### Task description
Repeat all of the records word for word, but skip any picture.

[Listed records — start]

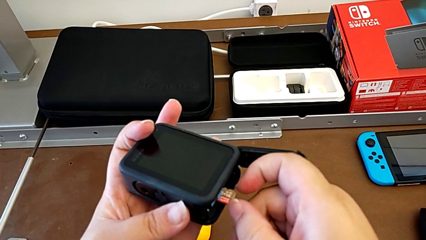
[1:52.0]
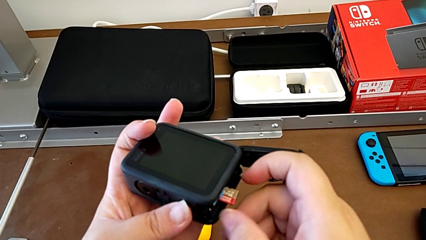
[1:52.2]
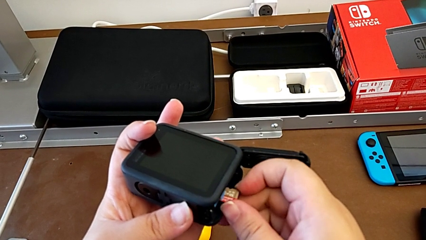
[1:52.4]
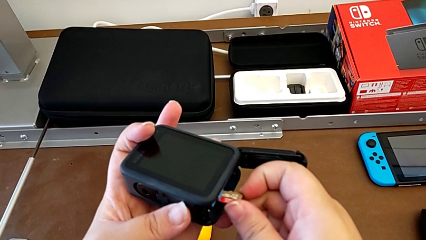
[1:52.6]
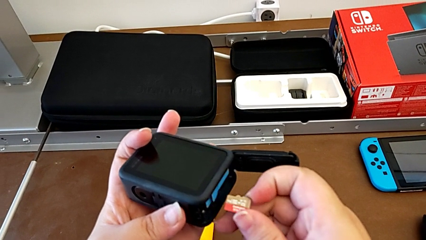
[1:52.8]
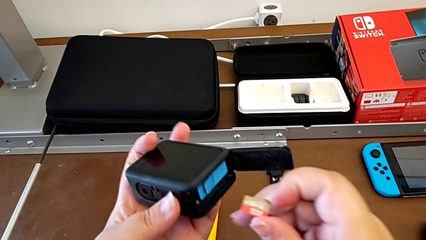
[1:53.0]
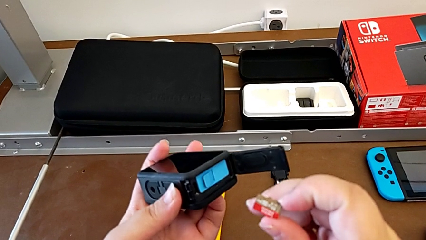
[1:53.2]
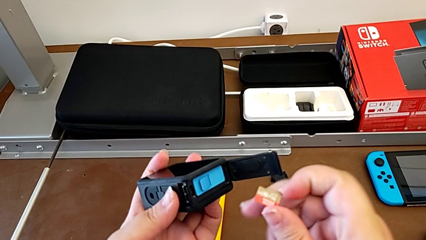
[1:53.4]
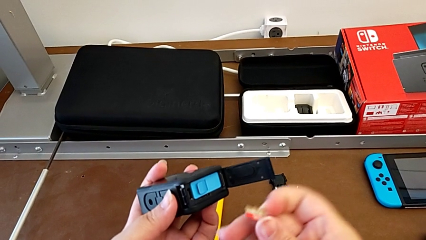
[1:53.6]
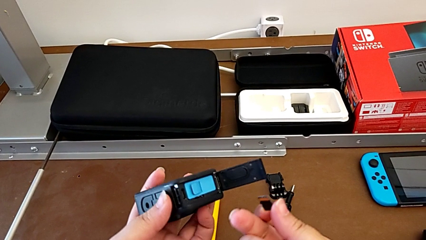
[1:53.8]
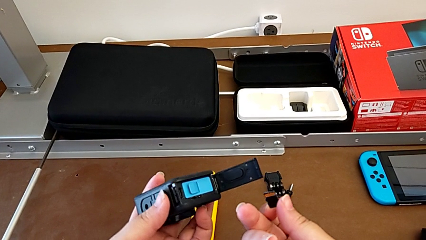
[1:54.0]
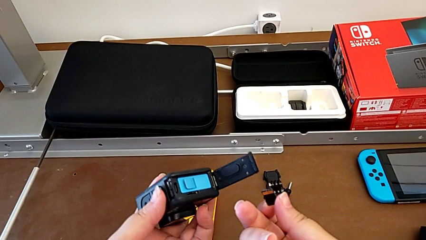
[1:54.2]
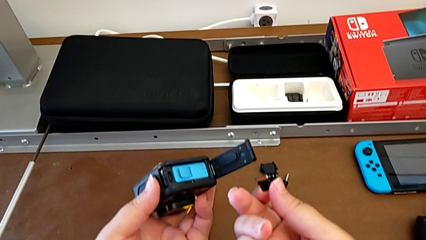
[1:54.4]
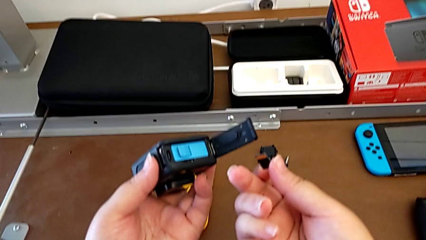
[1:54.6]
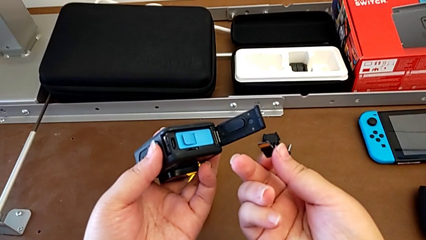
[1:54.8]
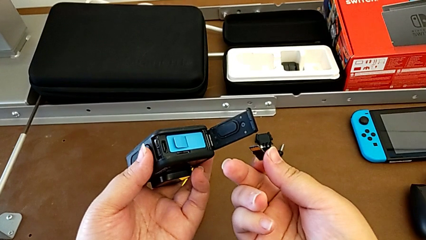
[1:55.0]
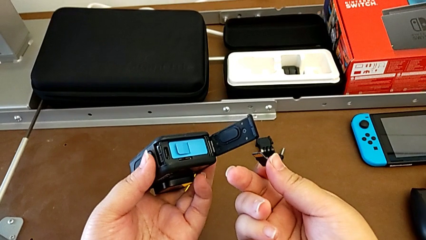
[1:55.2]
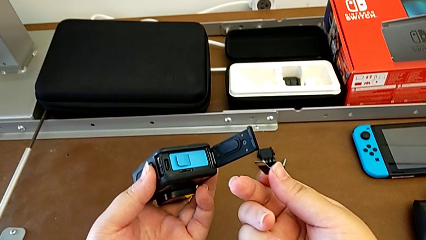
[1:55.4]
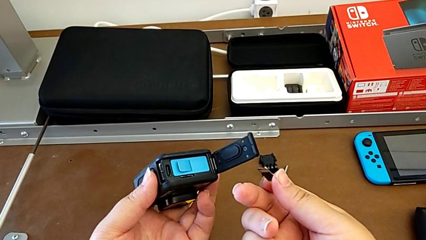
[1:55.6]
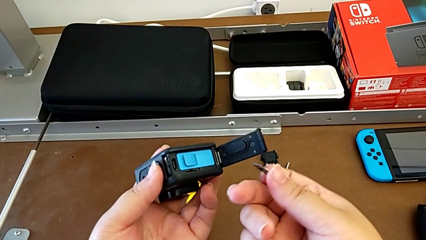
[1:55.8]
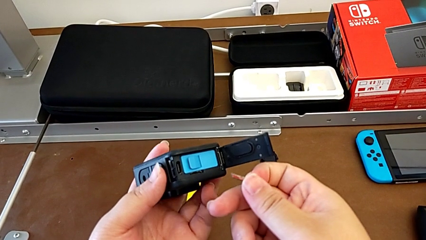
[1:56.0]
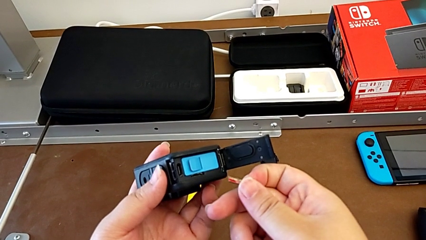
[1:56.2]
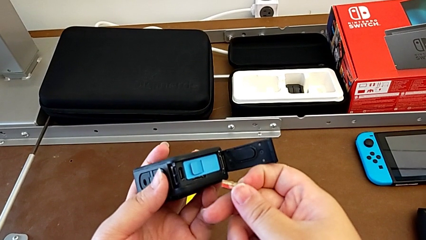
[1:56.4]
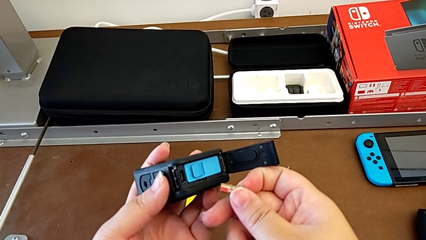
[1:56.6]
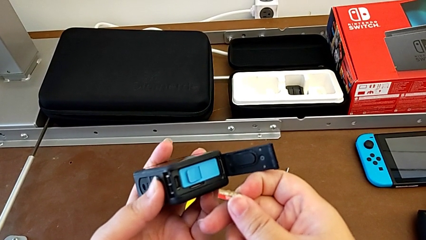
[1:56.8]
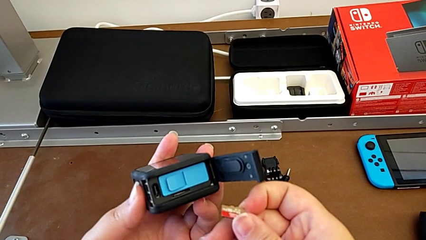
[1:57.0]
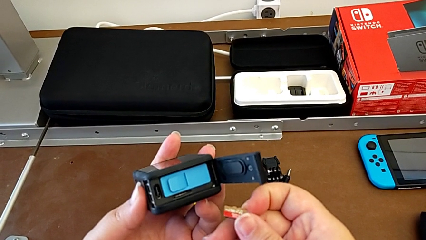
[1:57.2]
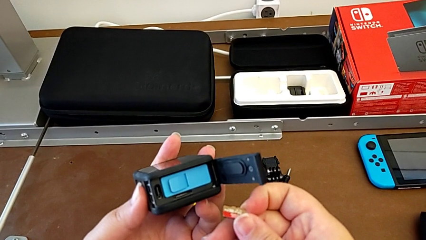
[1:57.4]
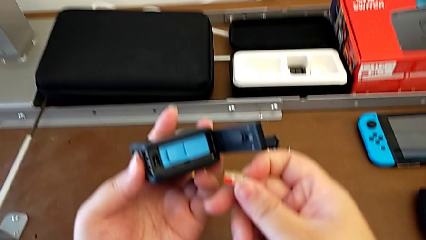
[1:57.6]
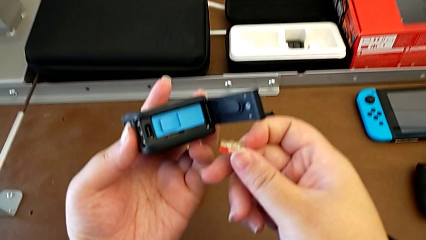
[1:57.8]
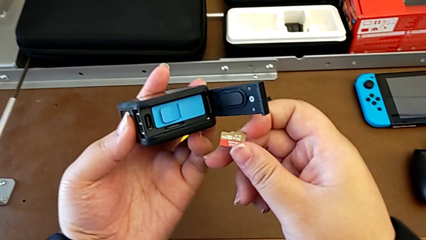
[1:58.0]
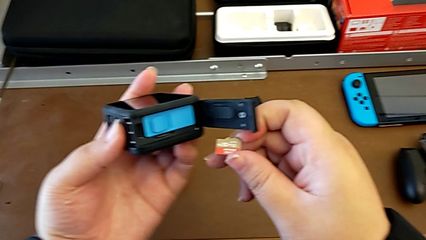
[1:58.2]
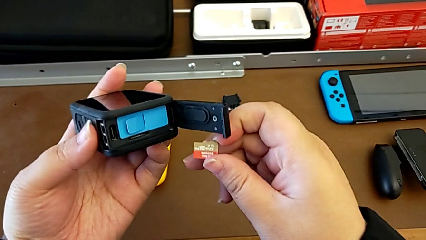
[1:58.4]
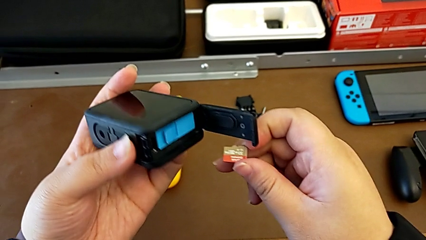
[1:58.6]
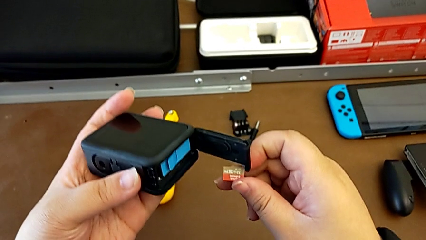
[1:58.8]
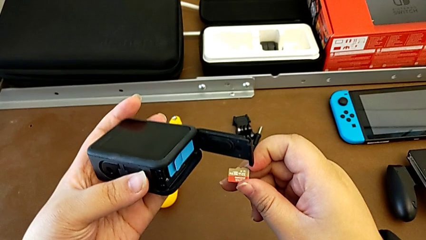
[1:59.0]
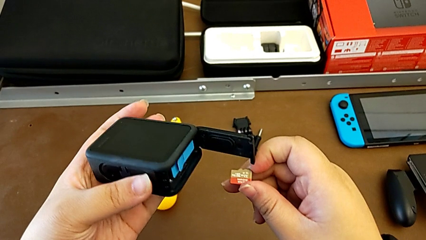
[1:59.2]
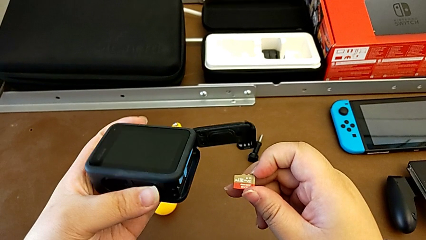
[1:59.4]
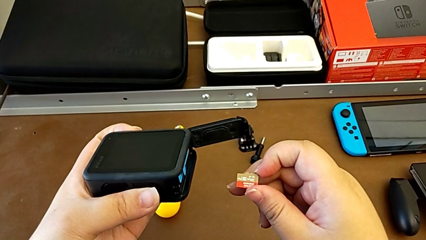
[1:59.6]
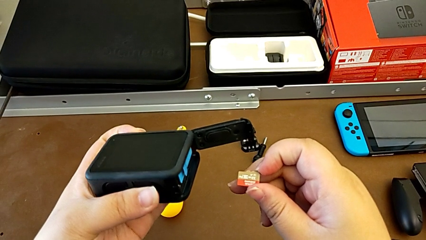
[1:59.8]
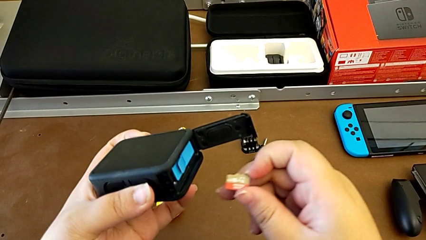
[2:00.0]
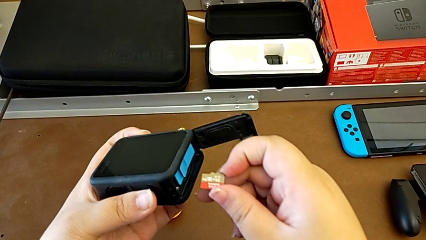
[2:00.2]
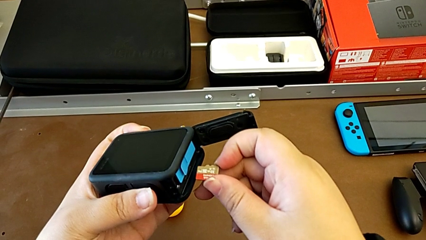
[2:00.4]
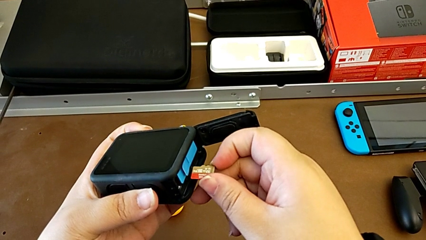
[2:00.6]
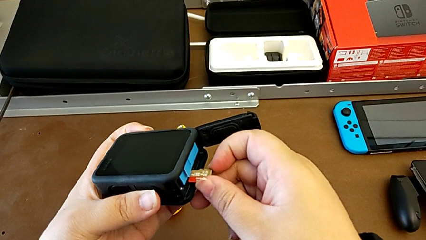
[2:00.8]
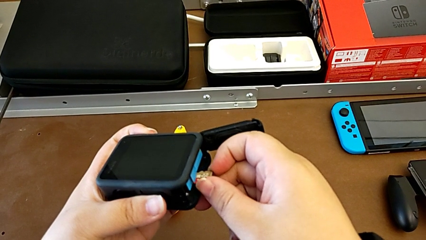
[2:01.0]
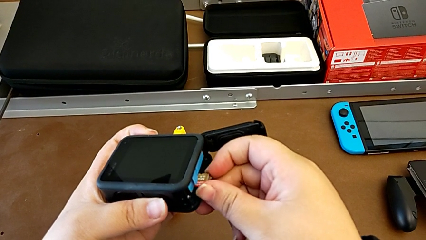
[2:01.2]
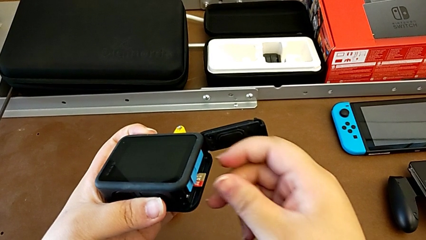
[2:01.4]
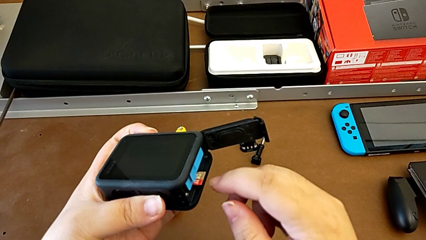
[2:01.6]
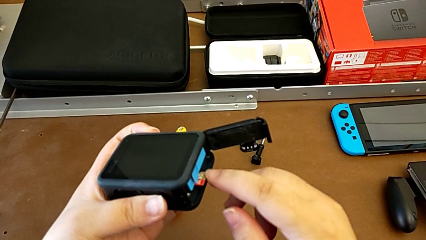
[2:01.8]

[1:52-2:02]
The camera wearer is inserting the SD card into the GoPro. They withdraw the SD card and hold the GoPro.

[Listed records — finish]

### Your response
[1:52.0]
[1:52.2]
[1:52.4]
[1:52.6]
[1:52.8]
[1:53.0]
[1:53.2]
[1:53.4]
[1:53.6]
[1:53.8]
[1:54.0]
[1:54.2]
[1:54.4]
[1:54.6]
[1:54.8]
[1:55.0]
[1:55.2]
[1:55.4]
[1:55.6]
[1:55.8]
[1:56.0]
[1:56.2]
[1:56.4]
[1:56.6]
[1:56.8]
[1:57.0]
[1:57.2]
[1:57.4]
[1:57.6]
[1:57.8]
[1:58.0]
[1:58.2]
[1:58.4]
[1:58.6]
[1:58.8]
[1:59.0]
[1:59.2]
[1:59.4]
[1:59.6]
[1:59.8]
[2:00.0]
[2:00.2]
[2:00.4]
[2:00.6]
[2:00.8]
[2:01.0]
[2:01.2]
[2:01.4]
[2:01.6]
[2:01.8]

[1:52-2:02]
The camera wearer is inserting the SD card into the GoPro. They withdraw the SD card and hold the GoPro.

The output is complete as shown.